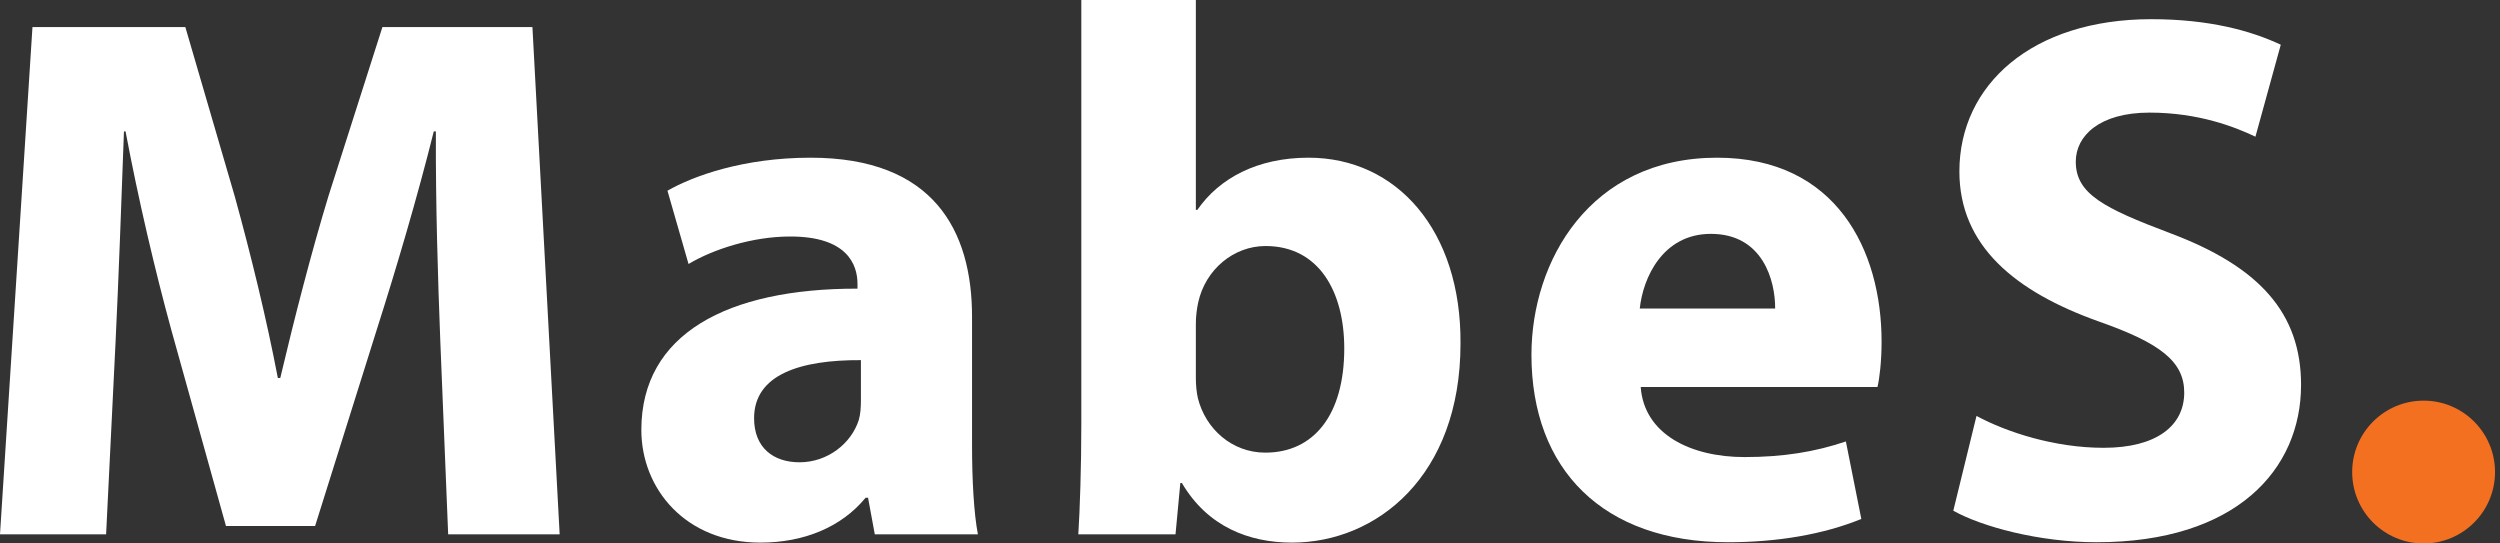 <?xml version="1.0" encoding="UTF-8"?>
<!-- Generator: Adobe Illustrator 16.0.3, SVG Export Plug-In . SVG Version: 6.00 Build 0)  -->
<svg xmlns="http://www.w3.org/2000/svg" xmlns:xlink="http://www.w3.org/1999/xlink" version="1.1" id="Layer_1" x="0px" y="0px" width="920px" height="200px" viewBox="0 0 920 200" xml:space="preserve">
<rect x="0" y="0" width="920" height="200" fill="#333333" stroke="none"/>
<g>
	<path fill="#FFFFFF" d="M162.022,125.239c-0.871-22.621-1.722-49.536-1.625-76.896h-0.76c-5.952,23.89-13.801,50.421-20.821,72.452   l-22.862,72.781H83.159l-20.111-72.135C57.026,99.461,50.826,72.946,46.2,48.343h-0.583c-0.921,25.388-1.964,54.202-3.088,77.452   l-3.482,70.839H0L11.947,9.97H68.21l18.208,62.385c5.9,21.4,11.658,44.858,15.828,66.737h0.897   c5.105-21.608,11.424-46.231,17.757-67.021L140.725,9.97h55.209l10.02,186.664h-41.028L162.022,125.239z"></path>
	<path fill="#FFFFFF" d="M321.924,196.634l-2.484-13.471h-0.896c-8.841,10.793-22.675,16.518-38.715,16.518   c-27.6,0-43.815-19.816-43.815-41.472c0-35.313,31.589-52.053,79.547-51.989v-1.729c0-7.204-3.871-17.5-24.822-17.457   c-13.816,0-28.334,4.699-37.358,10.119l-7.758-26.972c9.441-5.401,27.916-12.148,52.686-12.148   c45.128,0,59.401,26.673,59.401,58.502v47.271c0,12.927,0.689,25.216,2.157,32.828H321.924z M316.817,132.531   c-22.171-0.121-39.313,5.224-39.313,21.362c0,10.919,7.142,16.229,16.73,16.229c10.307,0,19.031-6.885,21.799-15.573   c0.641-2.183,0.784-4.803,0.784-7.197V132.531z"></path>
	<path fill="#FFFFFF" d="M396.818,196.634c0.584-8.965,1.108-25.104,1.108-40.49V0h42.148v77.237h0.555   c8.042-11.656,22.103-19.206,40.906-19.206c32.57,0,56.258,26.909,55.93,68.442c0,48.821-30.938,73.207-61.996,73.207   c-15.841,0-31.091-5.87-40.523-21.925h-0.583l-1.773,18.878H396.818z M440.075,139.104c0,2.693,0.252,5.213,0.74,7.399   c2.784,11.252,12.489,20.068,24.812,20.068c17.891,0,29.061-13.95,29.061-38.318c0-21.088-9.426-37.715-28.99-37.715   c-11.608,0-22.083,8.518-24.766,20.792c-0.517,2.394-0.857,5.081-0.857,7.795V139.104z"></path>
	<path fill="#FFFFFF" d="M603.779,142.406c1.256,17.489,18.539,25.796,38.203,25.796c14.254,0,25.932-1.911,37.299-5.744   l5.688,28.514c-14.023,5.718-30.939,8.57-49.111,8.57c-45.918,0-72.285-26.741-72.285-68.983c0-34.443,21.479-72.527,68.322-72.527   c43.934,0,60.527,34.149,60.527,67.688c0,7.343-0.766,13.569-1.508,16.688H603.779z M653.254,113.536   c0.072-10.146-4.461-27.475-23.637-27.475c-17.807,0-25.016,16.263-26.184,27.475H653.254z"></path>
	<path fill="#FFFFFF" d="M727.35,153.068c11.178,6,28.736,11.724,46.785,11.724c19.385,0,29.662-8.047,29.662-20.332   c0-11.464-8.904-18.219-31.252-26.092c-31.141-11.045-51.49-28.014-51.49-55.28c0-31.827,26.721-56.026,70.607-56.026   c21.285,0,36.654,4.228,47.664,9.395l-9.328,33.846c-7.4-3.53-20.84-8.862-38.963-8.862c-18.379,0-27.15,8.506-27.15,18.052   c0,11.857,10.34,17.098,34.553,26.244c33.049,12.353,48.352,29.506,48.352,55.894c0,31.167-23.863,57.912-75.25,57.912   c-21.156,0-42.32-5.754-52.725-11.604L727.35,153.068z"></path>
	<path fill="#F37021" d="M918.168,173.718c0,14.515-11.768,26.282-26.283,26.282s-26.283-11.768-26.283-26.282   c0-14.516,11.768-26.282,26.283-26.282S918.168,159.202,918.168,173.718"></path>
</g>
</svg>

##############################

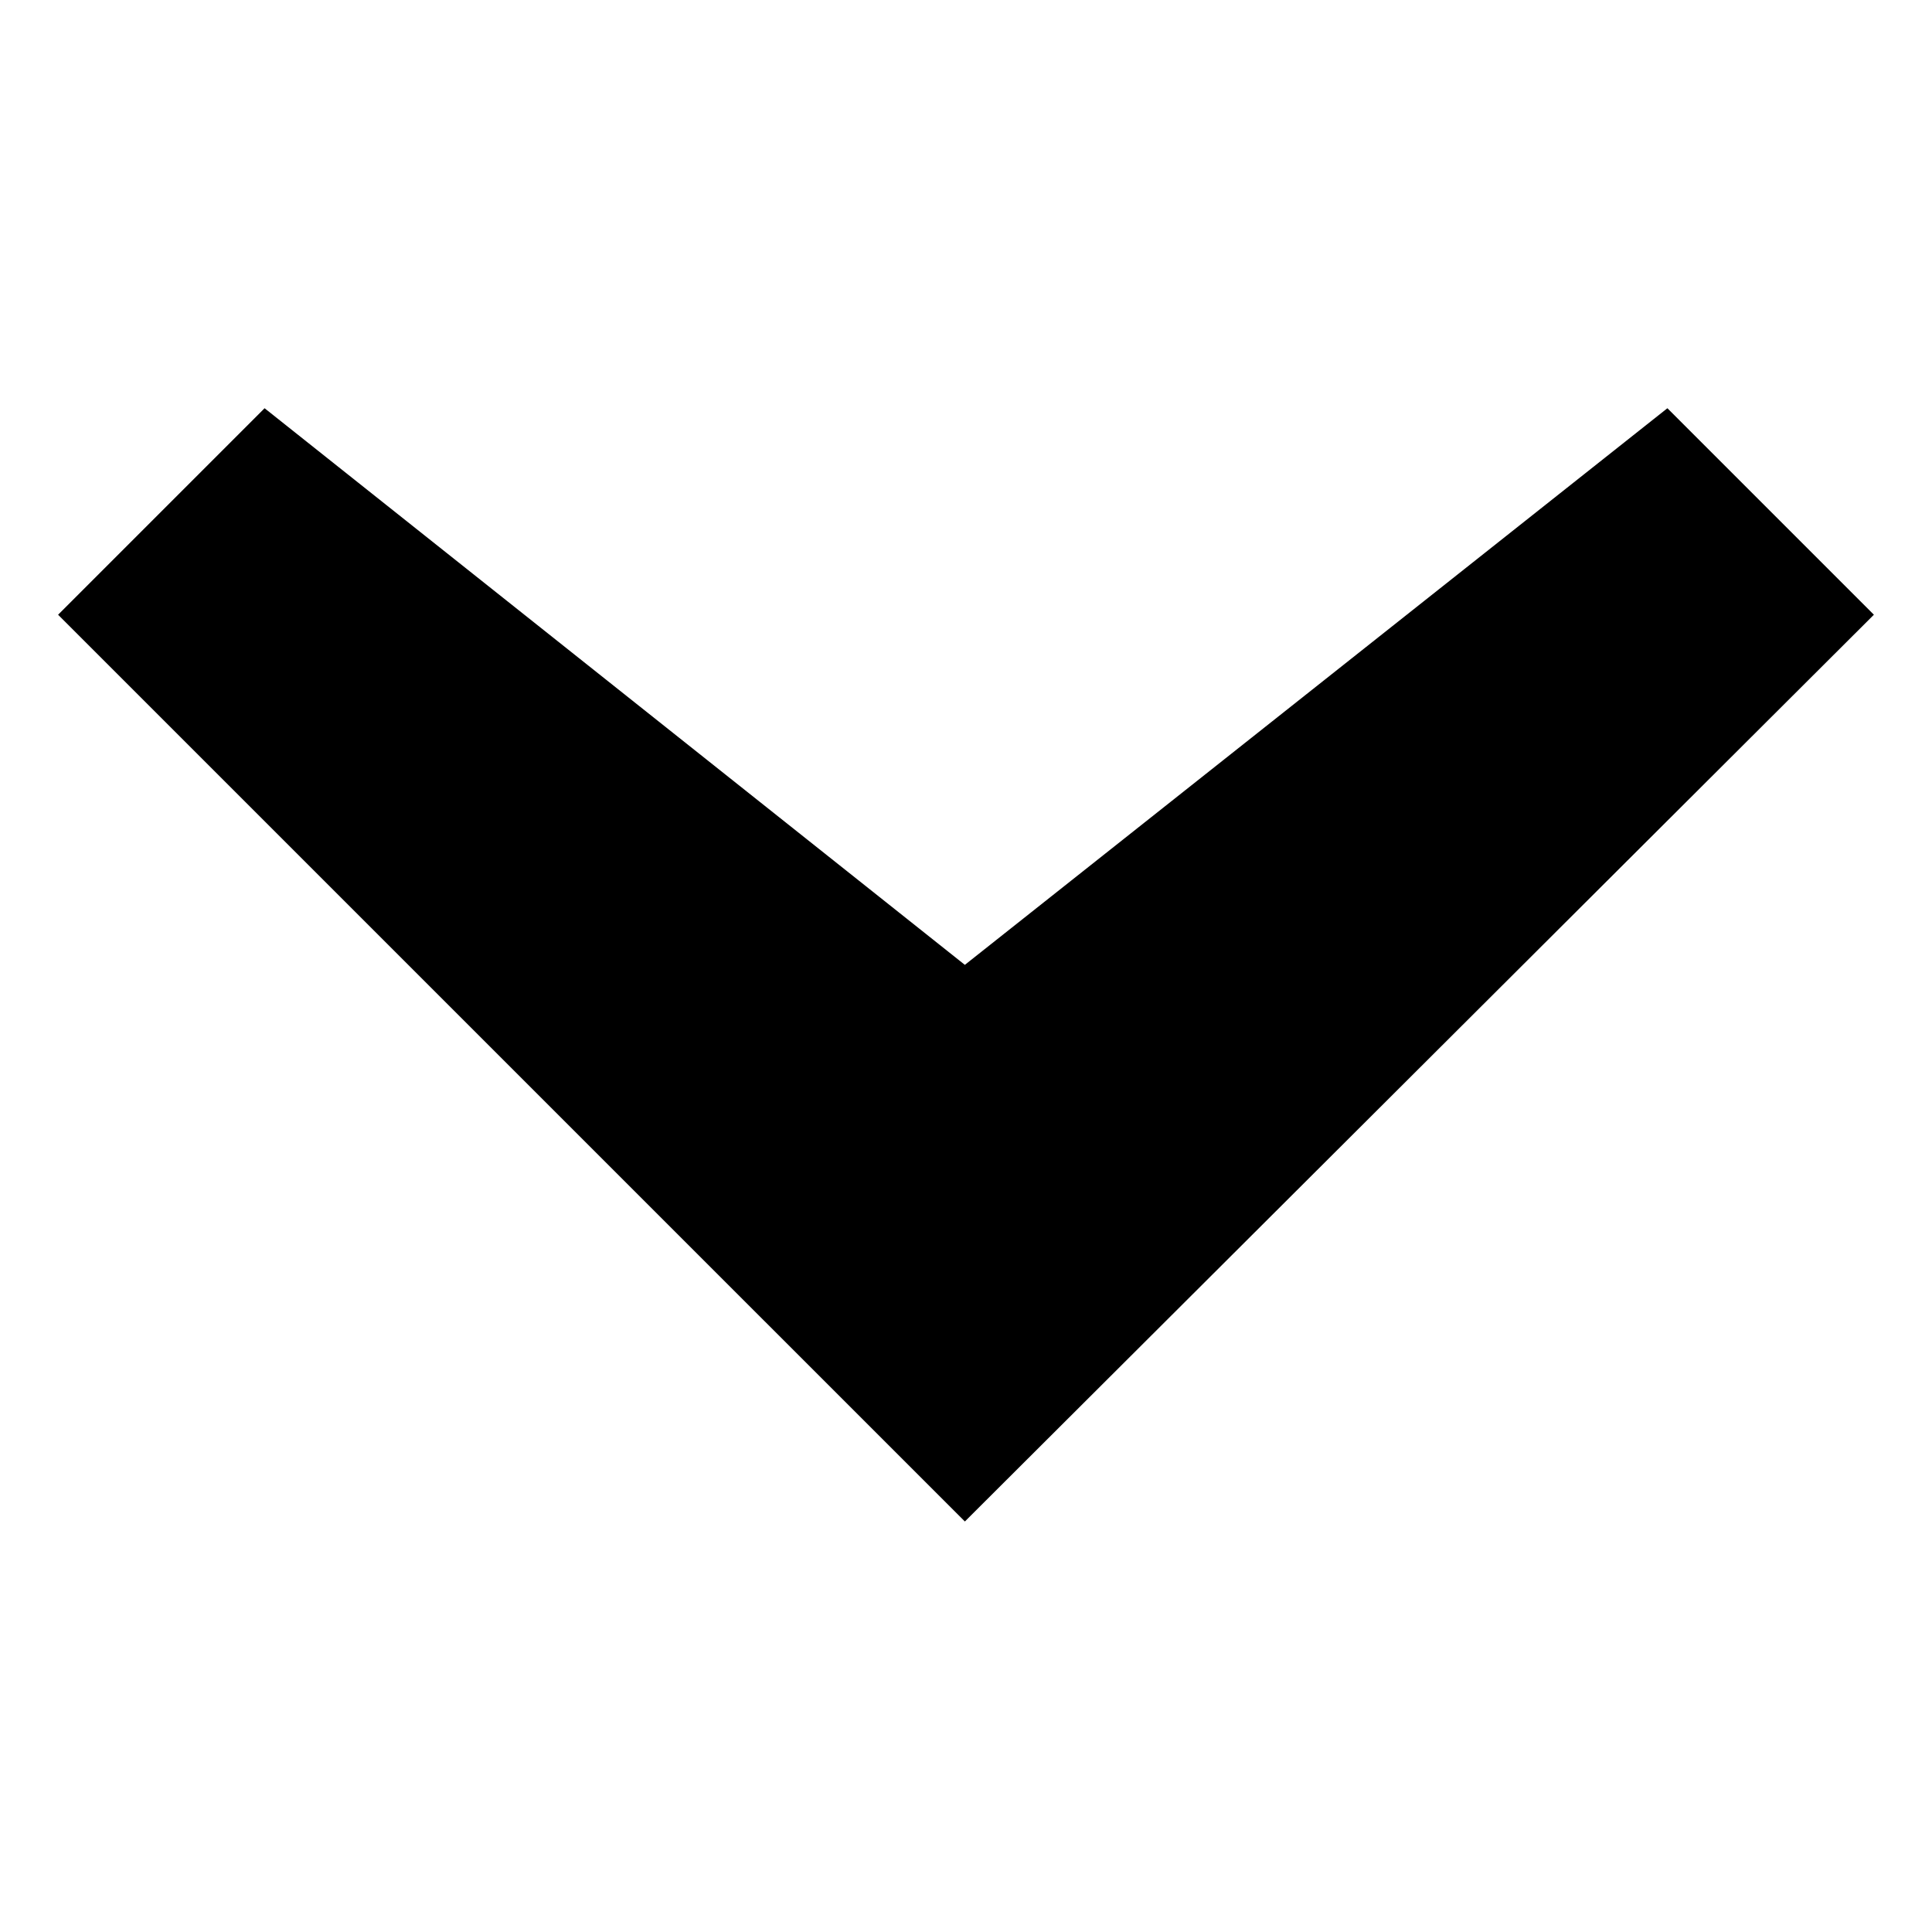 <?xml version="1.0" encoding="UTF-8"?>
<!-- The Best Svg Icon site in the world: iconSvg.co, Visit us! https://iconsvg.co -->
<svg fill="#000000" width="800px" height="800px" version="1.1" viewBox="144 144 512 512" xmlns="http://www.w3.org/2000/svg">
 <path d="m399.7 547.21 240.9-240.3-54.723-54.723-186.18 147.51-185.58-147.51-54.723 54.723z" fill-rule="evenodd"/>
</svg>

##############################

:: WORK REQUIRED ::
Sift the material for lines with the string "width". Copy each one found.

:: OUTPUT OF THE EXERCISE ::
<svg xmlns="http://www.w3.org/2000/svg" xmlns:xlink="http://www.w3.org/1999/xlink" version="1.1" id="Layer_1" x="0px" y="0px" width="920px" height="200px" viewBox="0 0 920 200" xml:space="preserve">
<rect x="0" y="0" width="920" height="200" fill="#333333" stroke="none"/>
<svg fill="#000000" width="800px" height="800px" version="1.1" viewBox="144 144 512 512" xmlns="http://www.w3.org/2000/svg">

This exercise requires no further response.